5. Report interpretation:

Abnormal single indicators should be analyzed in conjunction with clinical manifestations, such as elevated follicle stimulating hormone accompanied by amenorrhea, which may indicate premature ovarian failure. Polycystic ovary syndrome often presents with synchronous elevation of luteinizing hormone and testosterone, and hyperprolactinemia should rule out the possibility of pituitary microadenoma.

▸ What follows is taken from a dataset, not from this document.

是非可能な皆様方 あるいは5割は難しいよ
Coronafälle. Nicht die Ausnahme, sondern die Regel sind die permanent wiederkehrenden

Maintain a regular daily routine for 3 days before the examination, avoid sexual activity and breast stimulation. On the day of blood collection, wear loose clothing for easy operation and carry past examination reports for comparison and reference. Pregnant women are advised to have their thyroid function tested simultaneously, and obese patients should also have their insulin resistance related indicators tested. After receiving the report, an appointment should be made with a specialist for interpretation. Abnormal hormone levels often require 2-3 follow-up examinations for confirmation, and fluctuations in some indicators need to be comprehensively evaluated in conjunction with imaging examinations such as ultrasound. Daily attention should be paid to recording changes in the menstrual cycle. If there is sudden amenorrhea or abnormal bleeding, medical attention should be sought in a timely manner.